(Exercise) Skip the images; return every entry exactly.
Segment Start: Exercise material
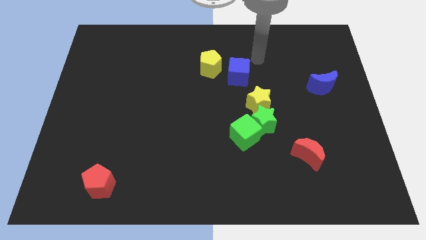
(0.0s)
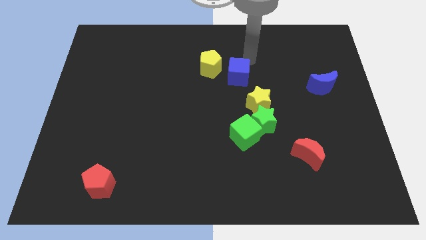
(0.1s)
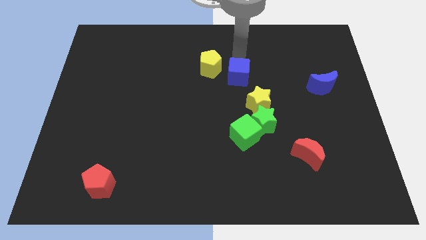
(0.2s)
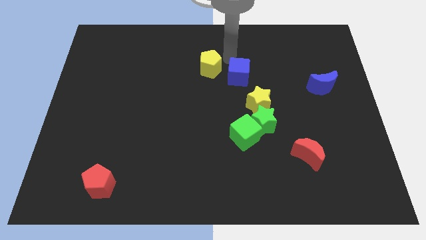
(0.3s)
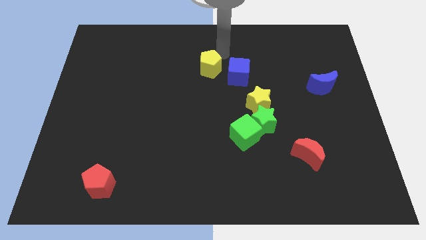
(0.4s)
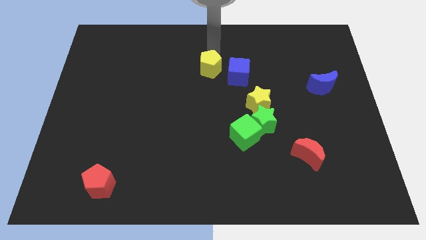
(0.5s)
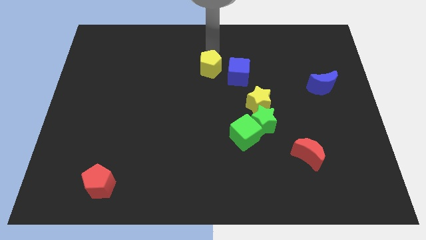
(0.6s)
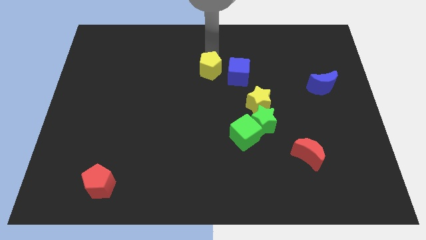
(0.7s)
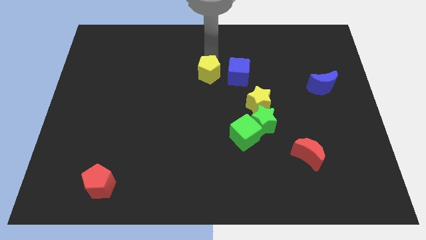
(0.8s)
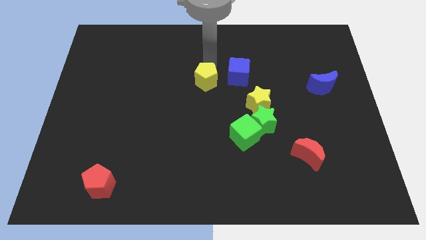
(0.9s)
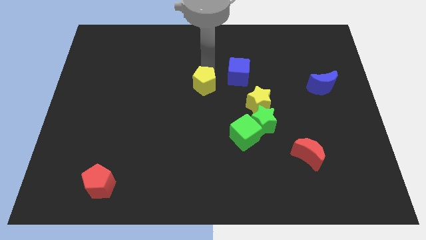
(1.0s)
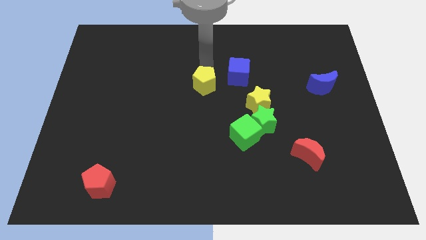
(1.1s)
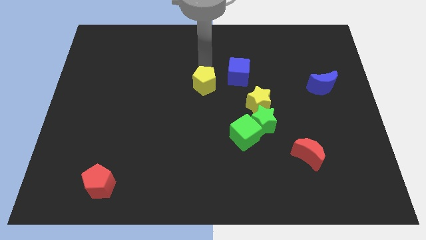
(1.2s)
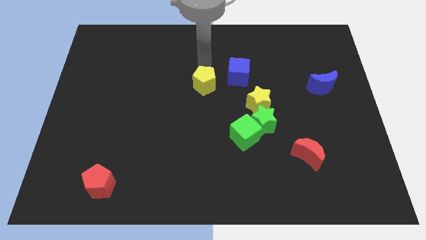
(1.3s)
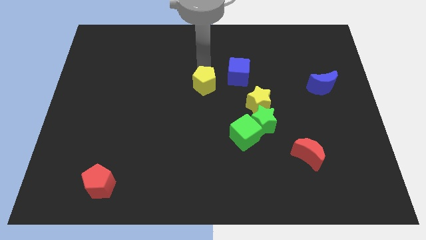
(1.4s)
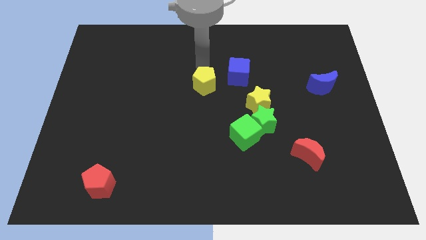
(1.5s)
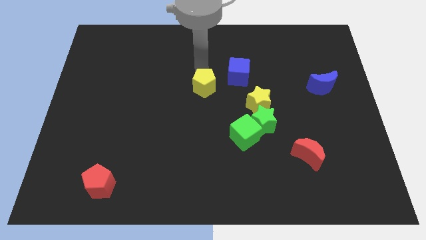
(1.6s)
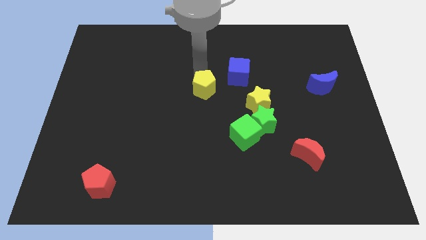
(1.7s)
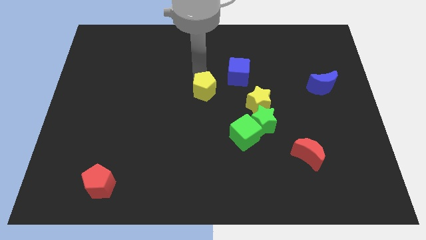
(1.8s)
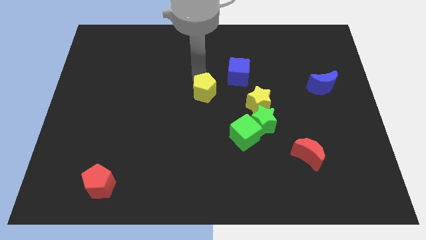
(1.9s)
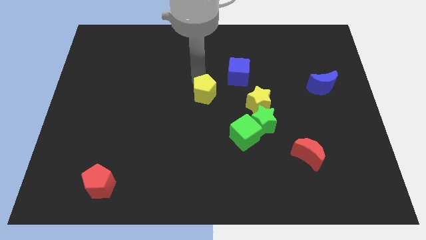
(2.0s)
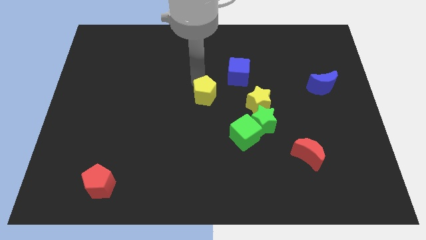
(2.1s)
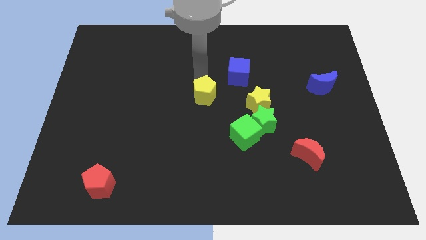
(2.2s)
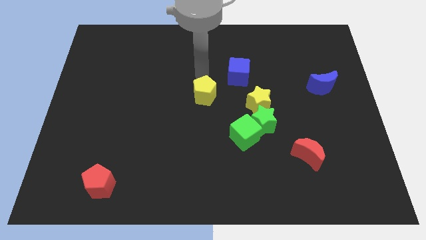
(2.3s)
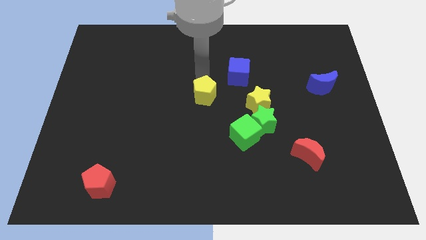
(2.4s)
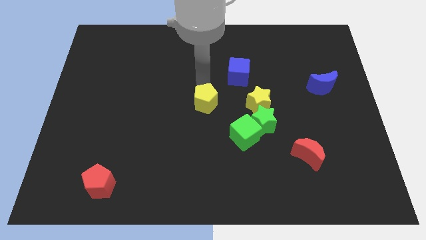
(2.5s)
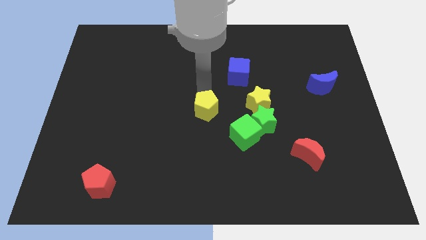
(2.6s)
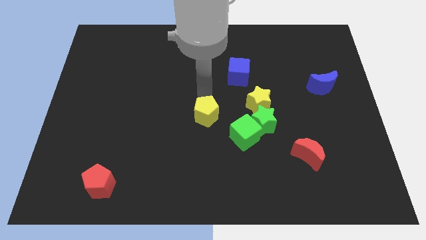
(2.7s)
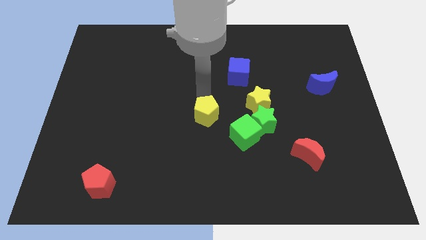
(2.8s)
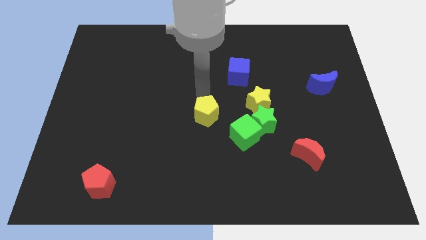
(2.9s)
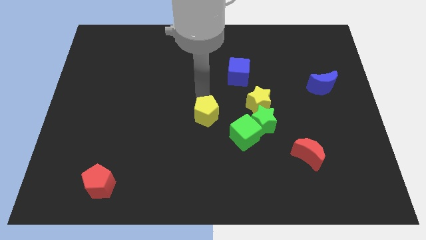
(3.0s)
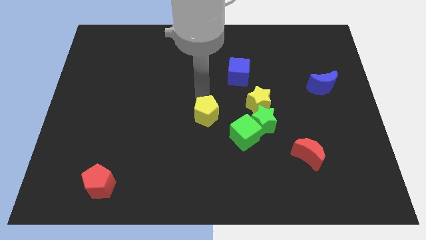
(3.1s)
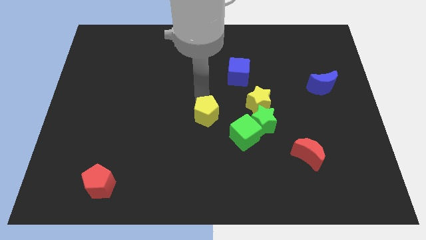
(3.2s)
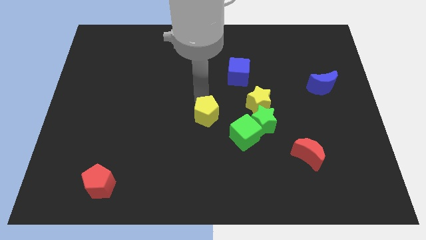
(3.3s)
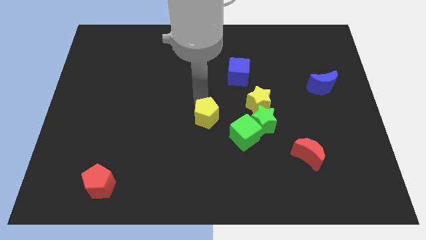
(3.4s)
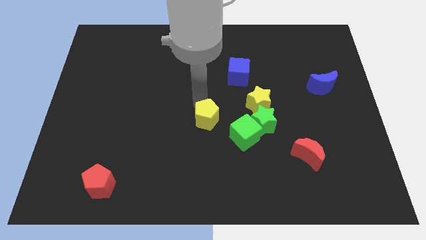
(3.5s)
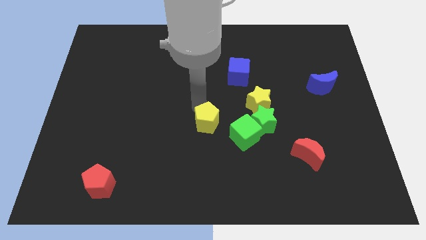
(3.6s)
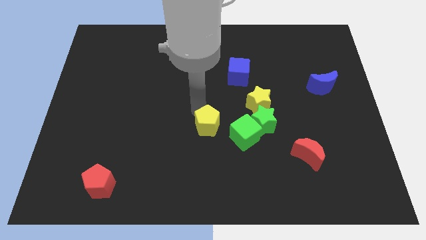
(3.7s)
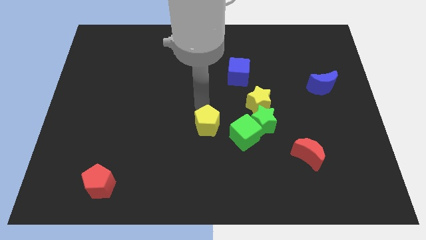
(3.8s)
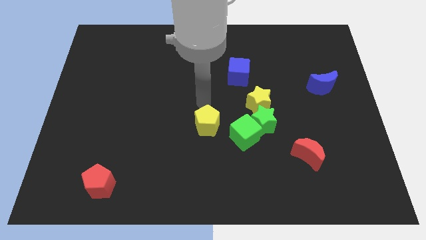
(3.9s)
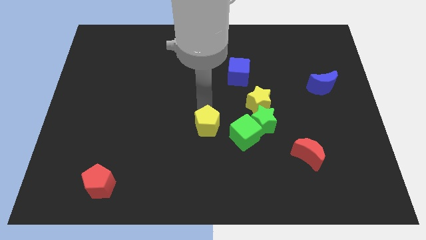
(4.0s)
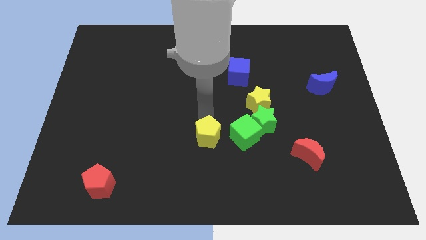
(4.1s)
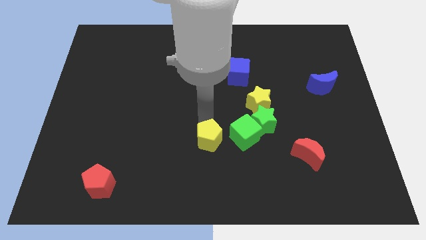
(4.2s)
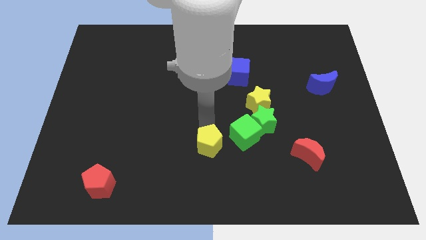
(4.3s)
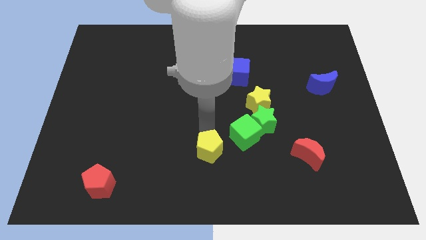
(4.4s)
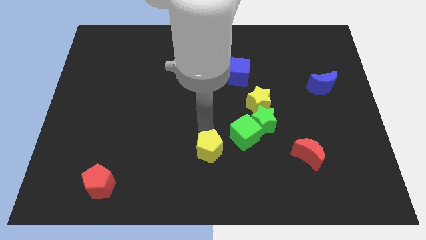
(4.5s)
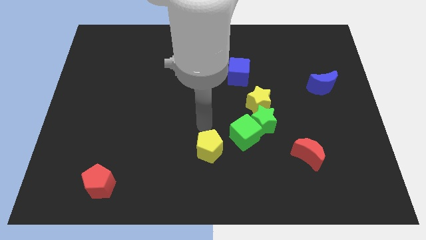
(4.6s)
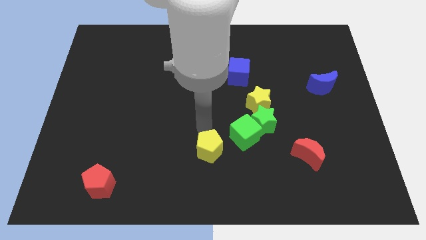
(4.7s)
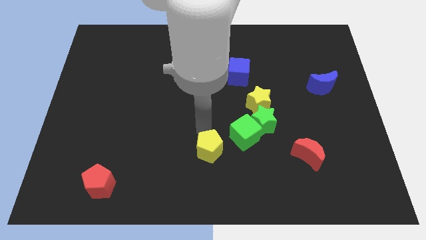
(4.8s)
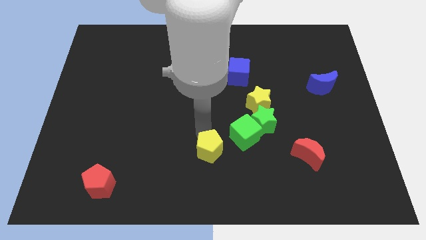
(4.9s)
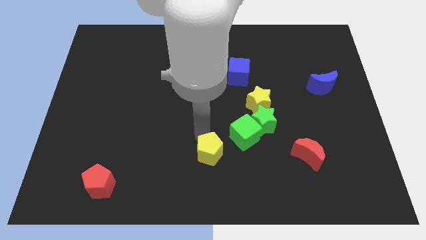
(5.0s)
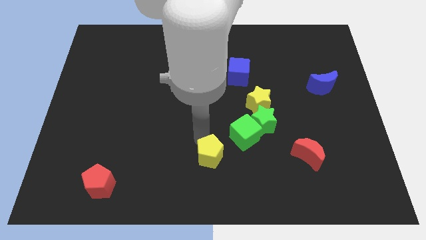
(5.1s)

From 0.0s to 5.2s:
Segment End: Exercise material
(Your solution)
(0.0s)
(0.1s)
(0.2s)
(0.3s)
(0.4s)
(0.5s)
(0.6s)
(0.7s)
(0.8s)
(0.9s)
(1.0s)
(1.1s)
(1.2s)
(1.3s)
(1.4s)
(1.5s)
(1.6s)
(1.7s)
(1.8s)
(1.9s)
(2.0s)
(2.1s)
(2.2s)
(2.3s)
(2.4s)
(2.5s)
(2.6s)
(2.7s)
(2.8s)
(2.9s)
(3.0s)
(3.1s)
(3.2s)
(3.3s)
(3.4s)
(3.5s)
(3.6s)
(3.7s)
(3.8s)
(3.9s)
(4.0s)
(4.1s)
(4.2s)
(4.3s)
(4.4s)
(4.5s)
(4.6s)
(4.7s)
(4.8s)
(4.9s)
(5.0s)
(5.1s)

From 0.0s to 5.2s:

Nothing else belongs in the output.